Remove javascript and CSS:

<(script|style).*?</\1>

Remove tags

<.*?>
nickf
  • 537,072
  • 198
  • 649
  • 721
14

You can't really parse HTML with regular expressions. It's too complex. RE's won't handle <![CDATA[ sections correctly at all. Further, some kinds of common HTML things like &lt;text> will work in a browser as proper text, but might baffle a naive RE.

You'll be happier and more successful with a proper HTML parser. Python folks often use something Beautiful Soup to parse HTML and strip out tags and scripts.


Also, browsers, by design, tolerate malformed HTML. So you will often find yourself trying to parse HTML which is clearly improper, but happens to work okay in a browser.
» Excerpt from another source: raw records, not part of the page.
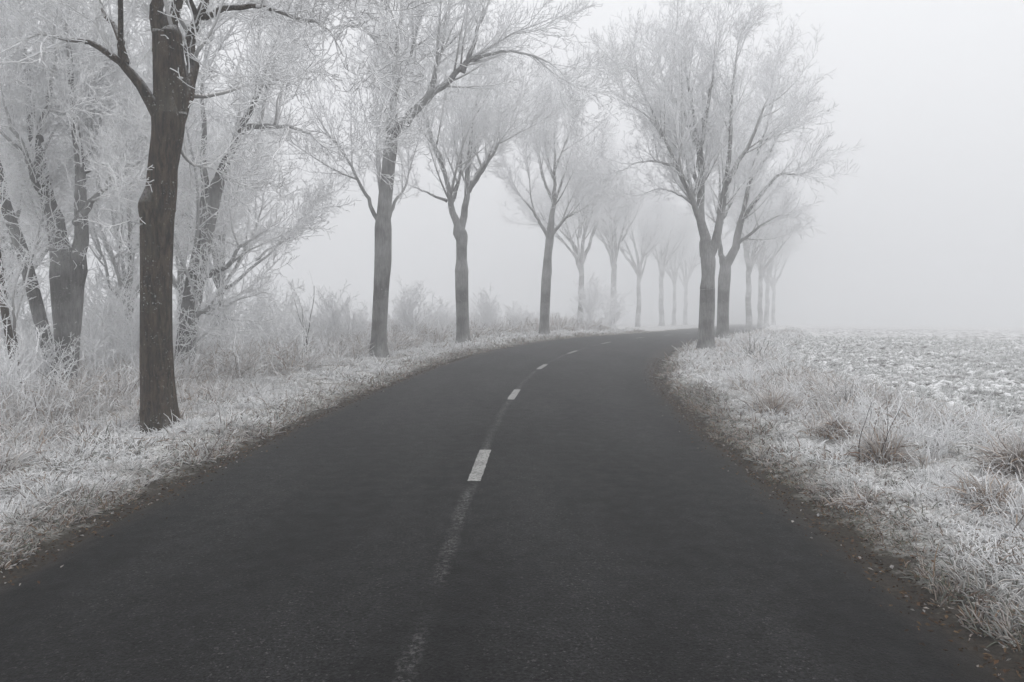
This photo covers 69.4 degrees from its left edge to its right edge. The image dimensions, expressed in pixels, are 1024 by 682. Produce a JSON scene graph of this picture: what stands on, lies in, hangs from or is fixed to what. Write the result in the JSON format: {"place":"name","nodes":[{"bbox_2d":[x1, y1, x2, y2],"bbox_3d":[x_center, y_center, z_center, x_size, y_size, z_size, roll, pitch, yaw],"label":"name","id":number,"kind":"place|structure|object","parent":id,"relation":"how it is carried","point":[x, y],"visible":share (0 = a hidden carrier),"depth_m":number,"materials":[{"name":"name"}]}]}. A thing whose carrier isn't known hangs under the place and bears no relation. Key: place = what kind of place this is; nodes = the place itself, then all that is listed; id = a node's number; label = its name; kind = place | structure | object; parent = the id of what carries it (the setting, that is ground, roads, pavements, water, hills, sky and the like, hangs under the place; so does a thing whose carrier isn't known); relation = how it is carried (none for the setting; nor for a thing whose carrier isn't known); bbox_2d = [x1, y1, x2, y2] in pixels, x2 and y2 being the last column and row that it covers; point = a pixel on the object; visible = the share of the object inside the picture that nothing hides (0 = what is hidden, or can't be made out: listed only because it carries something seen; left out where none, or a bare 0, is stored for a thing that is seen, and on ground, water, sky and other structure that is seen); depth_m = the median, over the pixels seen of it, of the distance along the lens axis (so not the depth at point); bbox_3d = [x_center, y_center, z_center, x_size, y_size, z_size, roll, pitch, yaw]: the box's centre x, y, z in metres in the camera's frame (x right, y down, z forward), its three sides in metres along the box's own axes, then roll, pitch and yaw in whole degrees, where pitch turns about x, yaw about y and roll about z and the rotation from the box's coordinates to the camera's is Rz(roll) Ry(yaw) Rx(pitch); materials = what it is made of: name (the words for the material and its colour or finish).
{"place":"outdoors","nodes":[
{"label":"outdoors","id":0,"kind":"place"},
{"bbox_2d":[0,326,649,572],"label":"frosted grass","id":1,"kind":"structure","parent":0,"point":[23,506],"depth_m":8.27,"materials":[{"name":"white plant"}]},
{"bbox_2d":[0,324,1003,681],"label":"road","id":2,"kind":"structure","parent":0,"point":[574,510],"depth_m":4.54,"materials":[{"name":"grey asphalt"}]},
{"bbox_2d":[0,314,1023,681],"bbox_3d":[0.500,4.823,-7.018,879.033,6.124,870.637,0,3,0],"label":"ground","id":3,"kind":"structure","parent":0,"point":[650,322],"depth_m":6.84,"materials":[{"name":"soil"}]},
{"bbox_2d":[0,307,55,413],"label":"shrub","id":4,"kind":"object","parent":3,"relation":"on","point":[22,365],"visible":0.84,"depth_m":9.94,"materials":[{"name":"grey plant"}]},
{"bbox_2d":[0,308,74,389],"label":"shrub","id":5,"kind":"object","parent":3,"relation":"on","point":[50,357],"visible":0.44,"depth_m":12.38,"materials":[{"name":"grey plant"}]},
{"bbox_2d":[0,20,93,386],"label":"tree","id":6,"kind":"object","parent":3,"relation":"on","point":[5,306],"visible":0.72,"depth_m":11.81,"materials":[{"name":"white plant"}]},
{"bbox_2d":[0,64,94,282],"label":"tree","id":7,"kind":"object","parent":3,"relation":"on","point":[24,227],"visible":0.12,"depth_m":16.15,"materials":[{"name":"white plant"}]},
{"bbox_2d":[0,236,102,357],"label":"shrub","id":8,"kind":"object","parent":3,"relation":"on","point":[17,298],"visible":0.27,"depth_m":16.40,"materials":[{"name":"grey plant"}]},
{"bbox_2d":[0,0,104,387],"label":"tree","id":9,"kind":"object","parent":3,"relation":"on","point":[37,308],"visible":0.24,"depth_m":12.93,"materials":[{"name":"white plant"}]},
{"bbox_2d":[0,67,110,270],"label":"tree","id":10,"kind":"object","parent":3,"relation":"on","point":[23,232],"visible":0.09,"depth_m":18.87,"materials":[{"name":"white plant"}]},
{"bbox_2d":[0,15,126,350],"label":"tree","id":11,"kind":"object","parent":3,"relation":"on","point":[12,248],"visible":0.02,"depth_m":24.66,"materials":[{"name":"white plant"}]},
{"bbox_2d":[15,257,139,360],"bbox_3d":[-10.629,-0.565,18.274,3.544,3.062,2.369,0,3,-4],"label":"shrub","id":12,"kind":"object","parent":3,"relation":"on","point":[98,282],"visible":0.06,"depth_m":18.39,"materials":[{"name":"grey plant"}]},
{"bbox_2d":[46,267,178,367],"bbox_3d":[-7.960,-0.319,14.676,2.478,2.421,1.965,-1,3,-24],"label":"shrub","id":13,"kind":"object","parent":3,"relation":"on","point":[112,314],"visible":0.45,"depth_m":14.79,"materials":[{"name":"grey plant"}]},
{"bbox_2d":[50,228,214,340],"bbox_3d":[-10.762,-1.266,21.564,4.094,4.000,3.246,1,3,19],"label":"shrub","id":14,"kind":"object","parent":3,"relation":"on","point":[122,277],"visible":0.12,"depth_m":20.83,"materials":[{"name":"grey plant"}]},
{"bbox_2d":[0,0,275,391],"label":"tree","id":15,"kind":"object","parent":3,"relation":"on","point":[67,284],"visible":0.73,"depth_m":12.21,"materials":[{"name":"white plant"}]},
{"bbox_2d":[75,285,205,374],"bbox_3d":[-6.718,-0.142,13.348,2.155,2.105,1.708,-1,3,-12],"label":"shrub","id":16,"kind":"object","parent":3,"relation":"on","point":[129,340],"visible":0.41,"depth_m":13.42,"materials":[{"name":"grey plant"}]},
{"bbox_2d":[11,4,288,337],"bbox_3d":[-10.334,-4.264,20.919,7.721,10.127,9.248,0,3,0],"label":"tree","id":17,"kind":"object","parent":3,"relation":"on","point":[133,248],"visible":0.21,"depth_m":20.11,"materials":[{"name":"white plant"}]},
{"bbox_2d":[46,69,309,331],"bbox_3d":[-14.067,-5.197,28.814,9.370,11.245,10.200,2,4,37],"label":"tree","id":18,"kind":"object","parent":3,"relation":"on","point":[174,281],"visible":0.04,"depth_m":29.09,"materials":[{"name":"white plant"}]},
{"bbox_2d":[179,406,192,419],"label":"grass tussock","id":19,"kind":"object","parent":3,"relation":"on","point":[184,412],"depth_m":9.61,"materials":[{"name":"grey plant"}]},
{"bbox_2d":[172,277,266,341],"bbox_3d":[-10.051,-0.907,24.204,3.544,3.062,2.369,2,3,27],"label":"shrub","id":20,"kind":"object","parent":3,"relation":"on","point":[182,291],"visible":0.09,"depth_m":24.11,"materials":[{"name":"grey plant"}]},
{"bbox_2d":[175,307,268,353],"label":"shrub","id":21,"kind":"object","parent":3,"relation":"on","point":[224,339],"visible":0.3,"depth_m":18.12,"materials":[{"name":"grey plant"}]},
{"bbox_2d":[74,52,381,341],"bbox_3d":[-9.234,-4.456,23.388,9.350,10.308,8.589,1,3,13],"label":"tree","id":22,"kind":"object","parent":3,"relation":"on","point":[210,132],"visible":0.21,"depth_m":24.43,"materials":[{"name":"white plant"}]},
{"bbox_2d":[0,0,494,433],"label":"avenue tree","id":23,"kind":"object","parent":3,"relation":"on","point":[168,102],"visible":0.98,"depth_m":8.75,"materials":[{"name":"white plant"}]},
{"bbox_2d":[224,272,309,349],"bbox_3d":[-6.802,-0.696,20.366,2.478,2.421,1.965,0,3,7],"label":"shrub","id":24,"kind":"object","parent":3,"relation":"on","point":[250,323],"visible":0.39,"depth_m":20.04,"materials":[{"name":"grey plant"}]},
{"bbox_2d":[100,0,446,374],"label":"tree","id":25,"kind":"object","parent":3,"relation":"on","point":[198,271],"visible":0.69,"depth_m":13.84,"materials":[{"name":"white plant"}]},
{"bbox_2d":[257,290,336,345],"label":"shrub","id":26,"kind":"object","parent":3,"relation":"on","point":[316,324],"visible":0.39,"depth_m":22.58,"materials":[{"name":"grey plant"}]},
{"bbox_2d":[279,274,319,354],"bbox_3d":[-5.659,-0.698,19.867,0.894,2.421,1.121,-3,4,-42],"label":"sapling","id":27,"kind":"object","parent":3,"relation":"on","point":[302,314],"visible":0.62,"depth_m":20.05,"materials":[{"name":"grey plant"}]},
{"bbox_2d":[0,307,607,432],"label":"undergrowth","id":28,"kind":"object","parent":3,"relation":"on","point":[89,353],"visible":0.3,"depth_m":15.16,"materials":[{"name":"grey plant"}]},
{"bbox_2d":[0,313,611,477],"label":"tall grass","id":29,"kind":"structure","parent":3,"relation":"on","point":[10,418],"depth_m":12.19,"materials":[{"name":"grey plant"}]},
{"bbox_2d":[291,281,368,340],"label":"shrub","id":30,"kind":"object","parent":3,"relation":"on","point":[332,312],"visible":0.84,"depth_m":22.84,"materials":[{"name":"grey plant"}]},
{"bbox_2d":[316,292,371,336],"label":"shrub","id":31,"kind":"object","parent":3,"relation":"on","point":[354,313],"visible":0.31,"depth_m":25.80,"materials":[{"name":"grey plant"}]},
{"bbox_2d":[388,276,443,337],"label":"shrub","id":32,"kind":"object","parent":3,"relation":"on","point":[406,313],"visible":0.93,"depth_m":26.86,"materials":[{"name":"grey plant"}]},
{"bbox_2d":[196,0,665,358],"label":"avenue tree","id":33,"kind":"object","parent":3,"relation":"on","point":[383,242],"visible":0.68,"depth_m":19.53,"materials":[{"name":"white plant"}]},
{"bbox_2d":[420,293,455,330],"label":"shrub","id":34,"kind":"object","parent":3,"relation":"on","point":[442,317],"visible":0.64,"depth_m":29.94,"materials":[{"name":"grey plant"}]},
{"bbox_2d":[360,1,590,343],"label":"avenue tree","id":35,"kind":"object","parent":3,"relation":"on","point":[481,105],"visible":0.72,"depth_m":26.84,"materials":[{"name":"grey plant"}]},
{"bbox_2d":[452,285,502,334],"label":"shrub","id":36,"kind":"object","parent":3,"relation":"on","point":[486,316],"visible":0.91,"depth_m":33.38,"materials":[{"name":"grey plant"}]},
{"bbox_2d":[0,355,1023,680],"bbox_3d":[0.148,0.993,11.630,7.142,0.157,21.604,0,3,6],"label":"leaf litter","id":37,"kind":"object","parent":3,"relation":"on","point":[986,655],"visible":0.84,"depth_m":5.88,"materials":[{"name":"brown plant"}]},
{"bbox_2d":[502,299,528,332],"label":"shrub","id":38,"kind":"object","parent":3,"relation":"on","point":[516,315],"visible":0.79,"depth_m":37.39,"materials":[{"name":"grey plant"}]},
{"bbox_2d":[493,122,631,323],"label":"avenue tree","id":39,"kind":"object","parent":3,"relation":"on","point":[581,254],"visible":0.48,"depth_m":56.19,"materials":[{"name":"grey plant"}]},
{"bbox_2d":[483,38,646,334],"bbox_3d":[2.568,-6.859,34.492,8.110,13.584,8.515,0,3,0],"label":"avenue tree","id":40,"kind":"object","parent":3,"relation":"on","point":[551,230],"visible":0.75,"depth_m":34.12,"materials":[{"name":"grey plant"}]},
{"bbox_2d":[568,267,636,328],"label":"shrub","id":41,"kind":"object","parent":3,"relation":"on","point":[590,310],"visible":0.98,"depth_m":44.70,"materials":[{"name":"grey plant"}]},
{"bbox_2d":[563,129,660,327],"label":"avenue tree","id":42,"kind":"object","parent":3,"relation":"on","point":[611,236],"visible":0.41,"depth_m":70.54,"materials":[{"name":"grey plant"}]},
{"bbox_2d":[596,285,634,328],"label":"shrub","id":43,"kind":"object","parent":3,"relation":"on","point":[614,304],"visible":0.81,"depth_m":48.68,"materials":[{"name":"grey plant"}]},
{"bbox_2d":[597,166,689,326],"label":"avenue tree","id":44,"kind":"object","parent":3,"relation":"on","point":[652,222],"visible":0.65,"depth_m":87.26,"materials":[{"name":"grey plant"}]},
{"bbox_2d":[636,197,698,325],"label":"avenue tree","id":45,"kind":"object","parent":3,"relation":"on","point":[680,256],"visible":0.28,"depth_m":121.49,"materials":[{"name":"grey plant"}]},
{"bbox_2d":[638,171,697,325],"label":"avenue tree","id":46,"kind":"object","parent":3,"relation":"on","point":[664,254],"visible":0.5,"depth_m":104.36,"materials":[{"name":"grey plant"}]},
{"bbox_2d":[539,0,836,349],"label":"avenue tree","id":47,"kind":"object","parent":3,"relation":"on","point":[689,123],"visible":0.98,"depth_m":23.18,"materials":[{"name":"white plant"}]},
{"bbox_2d":[668,203,725,324],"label":"avenue tree","id":48,"kind":"object","parent":3,"relation":"on","point":[694,259],"visible":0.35,"depth_m":139.41,"materials":[{"name":"grey plant"}]},
{"bbox_2d":[733,351,765,385],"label":"frosted weed","id":49,"kind":"object","parent":3,"relation":"on","point":[750,373],"visible":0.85,"depth_m":13.26,"materials":[{"name":"grey plant"}]},
{"bbox_2d":[724,325,785,355],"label":"bramble","id":50,"kind":"object","parent":3,"relation":"on","point":[751,345],"visible":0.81,"depth_m":18.99,"materials":[{"name":"grey plant"}]},
{"bbox_2d":[716,165,804,328],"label":"avenue tree","id":51,"kind":"object","parent":3,"relation":"on","point":[747,243],"visible":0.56,"depth_m":65.16,"materials":[{"name":"grey plant"}]},
{"bbox_2d":[725,212,797,326],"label":"avenue tree","id":52,"kind":"object","parent":3,"relation":"on","point":[767,275],"visible":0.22,"depth_m":101.55,"materials":[{"name":"grey plant"}]},
{"bbox_2d":[723,201,808,324],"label":"avenue tree","id":53,"kind":"object","parent":3,"relation":"on","point":[774,279],"visible":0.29,"depth_m":119.69,"materials":[{"name":"grey plant"}]},
{"bbox_2d":[677,22,862,338],"bbox_3d":[10.376,-6.466,30.476,7.181,13.163,7.720,0,3,0],"label":"avenue tree","id":54,"kind":"object","parent":3,"relation":"on","point":[724,276],"visible":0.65,"depth_m":29.89,"materials":[{"name":"white plant"}]},
{"bbox_2d":[730,161,812,327],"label":"avenue tree","id":55,"kind":"object","parent":3,"relation":"on","point":[772,255],"visible":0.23,"depth_m":83.53,"materials":[{"name":"grey plant"}]},
{"bbox_2d":[738,382,812,416],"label":"grass tussock","id":56,"kind":"object","parent":3,"relation":"on","point":[771,401],"depth_m":10.15,"materials":[{"name":"grey plant"}]},
{"bbox_2d":[763,352,800,372],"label":"bramble","id":57,"kind":"object","parent":3,"relation":"on","point":[775,370],"visible":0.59,"depth_m":15.08,"materials":[{"name":"grey plant"}]},
{"bbox_2d":[765,374,818,408],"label":"frosted weed","id":58,"kind":"object","parent":3,"relation":"on","point":[796,393],"visible":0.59,"depth_m":10.32,"materials":[{"name":"grey plant"}]},
{"bbox_2d":[796,411,871,440],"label":"grass tussock","id":59,"kind":"object","parent":3,"relation":"on","point":[837,429],"depth_m":8.53,"materials":[{"name":"grey plant"}]},
{"bbox_2d":[654,327,1023,651],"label":"frosted grass","id":60,"kind":"structure","parent":3,"relation":"on","point":[679,364],"depth_m":6.36,"materials":[{"name":"grey plant"}]},
{"bbox_2d":[827,371,869,402],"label":"grass tuft","id":61,"kind":"object","parent":3,"relation":"on","point":[851,390],"visible":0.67,"depth_m":10.52,"materials":[{"name":"grey plant"}]},
{"bbox_2d":[819,483,889,514],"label":"grass tussock","id":62,"kind":"object","parent":3,"relation":"on","point":[850,500],"depth_m":5.84,"materials":[{"name":"grey plant"}]},
{"bbox_2d":[832,365,904,462],"bbox_3d":[3.497,0.736,7.235,0.588,0.987,0.580,2,4,35],"label":"dead weed","id":63,"kind":"object","parent":3,"relation":"on","point":[859,388],"visible":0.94,"depth_m":7.19,"materials":[{"name":"grey plant"}]},
{"bbox_2d":[714,328,1023,530],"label":"tall grass","id":64,"kind":"structure","parent":3,"relation":"on","point":[821,379],"depth_m":10.02,"materials":[{"name":"grey plant"}]},
{"bbox_2d":[834,386,904,431],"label":"frosted weed","id":65,"kind":"object","parent":3,"relation":"on","point":[860,407],"visible":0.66,"depth_m":8.59,"materials":[{"name":"grey plant"}]},
{"bbox_2d":[842,419,925,464],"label":"grass tussock","id":66,"kind":"object","parent":3,"relation":"on","point":[876,444],"depth_m":7.17,"materials":[{"name":"grey plant"}]},
{"bbox_2d":[861,392,945,459],"bbox_3d":[3.892,0.900,7.274,0.945,0.767,0.580,0,3,0],"label":"frosted weed","id":67,"kind":"object","parent":3,"relation":"on","point":[915,427],"visible":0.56,"depth_m":7.27,"materials":[{"name":"grey plant"}]},
{"bbox_2d":[920,399,974,456],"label":"frosted weed","id":68,"kind":"object","parent":3,"relation":"on","point":[941,441],"visible":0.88,"depth_m":7.27,"materials":[{"name":"grey plant"}]},
{"bbox_2d":[931,463,1023,523],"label":"grass tussock","id":69,"kind":"object","parent":3,"relation":"on","point":[977,485],"depth_m":5.68,"materials":[{"name":"grey plant"}]},
{"bbox_2d":[949,393,1021,454],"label":"frosted weed","id":70,"kind":"object","parent":3,"relation":"on","point":[980,421],"visible":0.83,"depth_m":7.11,"materials":[{"name":"grey plant"}]},
{"bbox_2d":[960,417,1023,477],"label":"grass tussock","id":71,"kind":"object","parent":3,"relation":"on","point":[1015,454],"depth_m":6.43,"materials":[{"name":"grey plant"}]},
{"bbox_2d":[0,0,1023,314],"label":"sky","id":72,"kind":"structure","parent":0,"point":[931,220],"materials":[{"name":"white"}]},
{"bbox_2d":[757,326,1023,444],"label":"field","id":73,"kind":"structure","parent":0,"point":[904,334],"depth_m":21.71,"materials":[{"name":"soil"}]}
]}

You might be able to parse bad HTML with RE's. All it requires is patience and hard work. But it's often simpler to use someone else's parser.

S.Lott
  • 384,516
  • 81
  • 508
  • 779
  • Definitely use a specialized HTML parser - don't roll your own! I just wanted to suggest Hpricot if you're using Ruby. – Neall Oct 08 '08 at 02:52
  • Why should baffle a RE? Most would just be setup to ignore it, which is correct: it's text, not HTML. If it's because they parse HTML entities (a good idea I suppose) you should be doing that on the text AFTER your RE's, not on the HTML anyway... – Matthew Scharley Oct 08 '08 at 10:19
  • 4
    @monoxide: My point is not that it's impossible. My point is that you can save a lot of debugging of RE's by using someone else's parser that handles all the edge cases correctly. – S.Lott Oct 08 '08 at 12:36
  • +1 but I think the point about malformed HTML is irrelevant here since we specifically aren't trying to parse the HTML it's ok to have a regex which just pulls out anything which looks like a tag regardless of structure. – annakata Dec 08 '08 at 11:21
  • @annakata: "pulling out anything which looks like a tag" more-or-less IS parsing. Because HTML is a language that is more complex than RE's are designed to describe, parsing is about the only way to find anything in HTML. RE's are always defeated except in trivial cases. – S.Lott Dec 08 '08 at 11:25
  • BeautifulSoup uses regexs to parse HTML so it is easily fooled. http://stackoverflow.com/questions/94528/is-u003e-greater-than-sign-allowed-inside-an-html-element-attribute-value – jfs Feb 01 '09 at 08:17
7

Needed a regex solution (in php) that would return the plain text just as well (or better than) PHPSimpleDOM, only much faster. Here is the solution that I came up with:

function plaintext($html)
{
    // remove comments and any content found in the the comment area (strip_tags only removes the actual tags).
    $plaintext = preg_replace('#<!--.*?-->#s', '', $html);

    // put a space between list items (strip_tags just removes the tags).
    $plaintext = preg_replace('#</li>#', ' </li>', $plaintext);

    // remove all script and style tags
    $plaintext = preg_replace('#<(script|style)\b[^>]*>(.*?)</(script|style)>#is', "", $plaintext);

    // remove br tags (missed by strip_tags)
    $plaintext = preg_replace("#<br[^>]*?>#", " ", $plaintext);

    // remove all remaining html
    $plaintext = strip_tags($plaintext);

    return $plaintext;
}

When I tested this on some complicated sites (forums seem to contain some of the tougher html to parse), this method returned the same result as PHPSimpleDOM plaintext, only much, much faster. It also handled the list items (li tags) properly, where PHPSimpleDOM did not.

As for the speed:

  • SimpleDom: 0.03248 sec.
  • RegEx: 0.00087 sec.

37 times faster!

Joe Bergevin
  • 3,158
  • 5
  • 26
  • 34